Durbin-Watson statistics are acceptable (with positive autocorrelation, the statistics tend to zero). In the case of reverse regression, it is slightly better than in the case of direct.
The coefficient of determination is acceptable (for acceptable models it is assumed that the coefficient of determination should be at least at least 50%). Judging by this criterion, there is no difference between direct and reverse regression.
Judging by the information criteria, the inverse regression greatly benefits the direct (it is believed that the model with the lowest criterion value will be best).
Look at the regression statistics of the cointegrated regression for the pair (NKHP, ZHIV).
Statistics
Direct regression
Inverse regression
Coefficients
beta=$3.352 and alpha=$239.347
beta=0.2194 and alpha=β49,6077
Test statistics
tcalc=β3,4762 , tcrit=β3.3654
tcalc=β3.3878 , tcrit=β3.3654
t -statistics
tbeta=$24.344 , talpha=$137.97
tbeta=$24.344 , talpha=β19,8524
F -statistics
592,652
592,652
Statistics of Durbin-Watson
0.2614
0,2104
Coefficient of determination
0.7356
0.7356
Corrected coefficient of determination
0.7344
0.7344
Akaike Information Criterion
1695
1108,8
Schwarz's Baes information criterion
1701.7
1115,5
Hannan-Quinn Information Criterion
1697.7
1111.5
Test statistics in both direct and inverse regression tells us that the variable beta in this case, insignificant. Durbin-Watson statistics are acceptable, in the case of reverse regression, slightly better than in the case of direct. The coefficient of determination is acceptable, there is no difference between direct and reverse regression. According to the information criteria, the inverse regression is slightly better than the direct one.

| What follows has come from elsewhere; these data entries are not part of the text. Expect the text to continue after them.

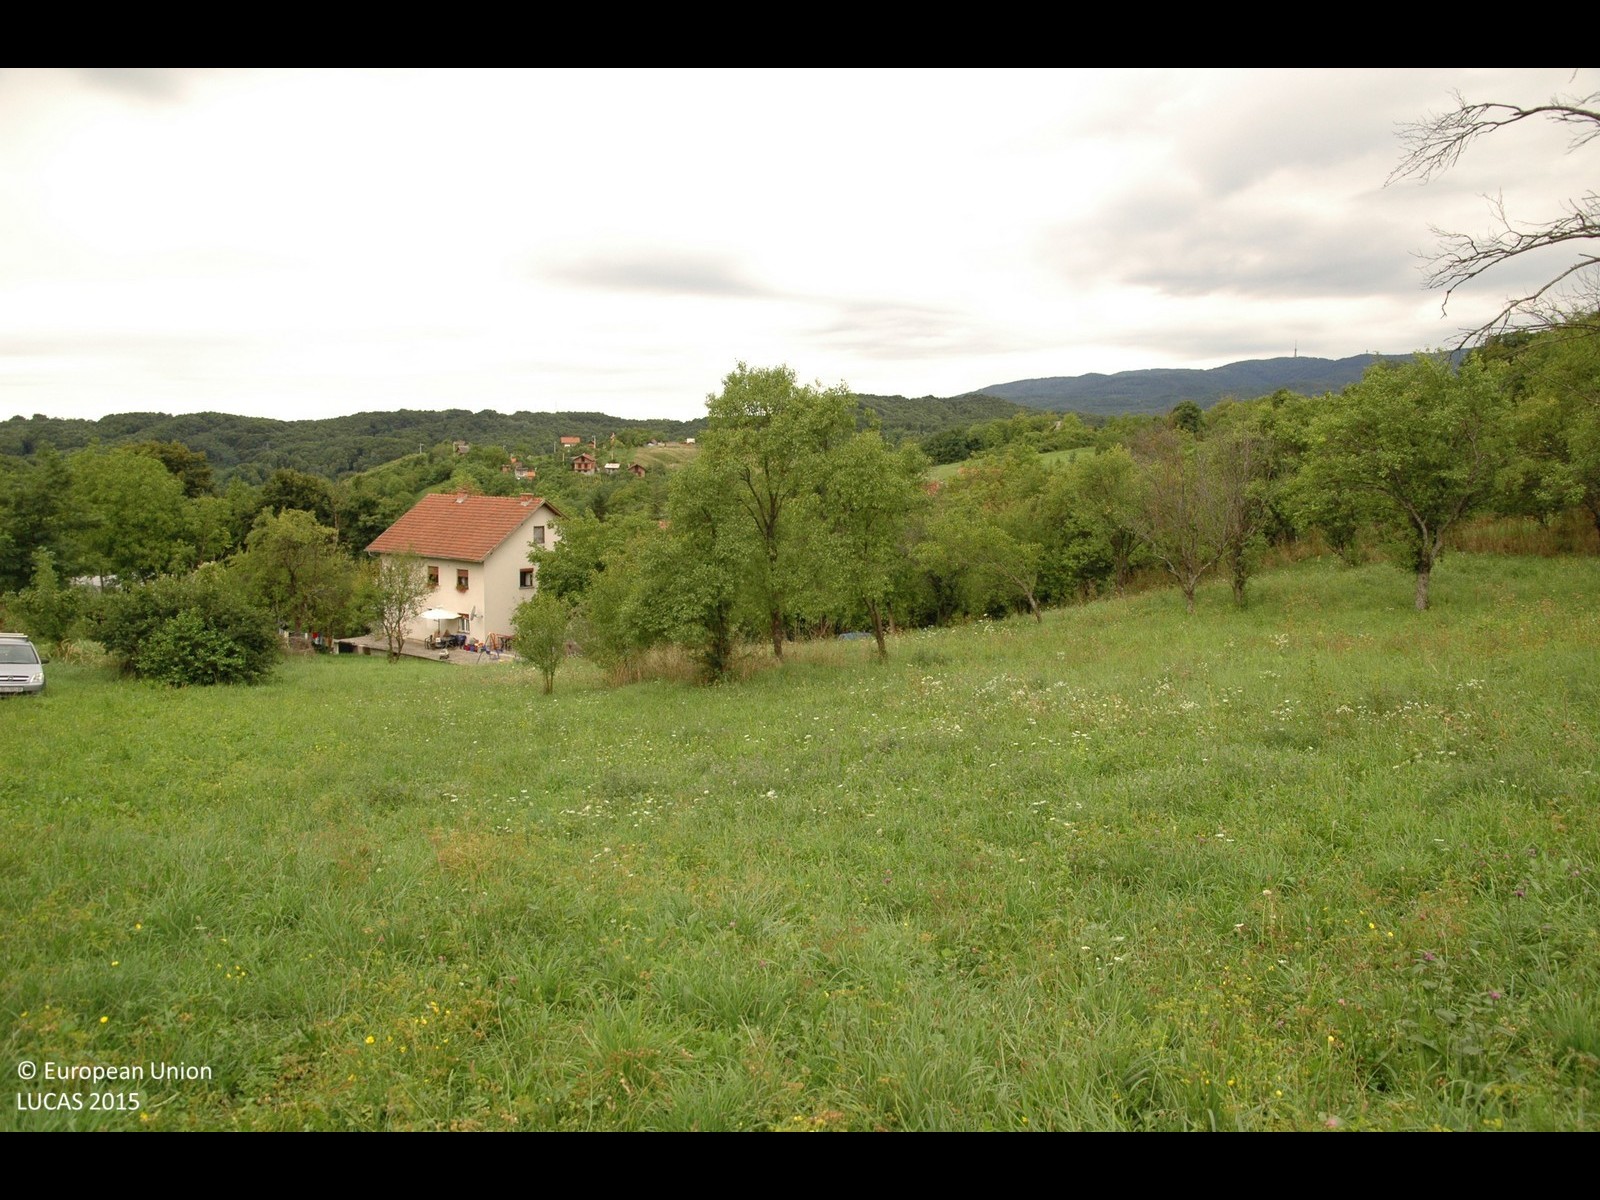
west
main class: Grassland
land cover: Grassland without tree/shrub cover
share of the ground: > 75 %
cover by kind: herbaceous plants 100 %
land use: Agriculture (excluding fallow land and kitchen gardens)
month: August
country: HR
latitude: 45.8720
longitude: 16.0660

Coagulation regression statistics for the pair (VSYDP, NKHP).
Statistics
Direct regression
Coefficients
beta=$35.652
Test statistics
tcalc=β2,8339 , tcrit=β2,7761
t -statistics
82.5035
F -statistics
infty
Statistics of Durbin-Watson
0.1305
Coefficient of determination
0,1928
Corrected coefficient of determination
0,1928
Akaike Information Criterion
3823,8
Schwarz's Baes information criterion
3827.1
Hannan-Quinn Information Criterion
3825.1
Variable beta judging by the test statistics, again insignificant. Fisher criterion flew into space. Durbin-Watson statistics are acceptable. The coefficient of determination is small, so the model is considered bad.
findings
There are a sufficient number of cointegrated shares in stock markets, that is, such that their spread is a stationary process. The presence of such pairs provides the basis for further research and a stable profit, but we'll talk about specific strategies next time.
What to read on the topic?
Robert F. Engle, C.W.J. Granger. Cointegration and error correction: presentation, evaluation and testing // Applied Econometrics. - 2015. - 39 (3). - p. 107-135.
This is a translation of the original article by the authors of 1987; the definition of cointegration is described in more detail there. You can also continue to read Magnus, whom I recommended in the article on stationary increments , there is also a section on cointegration.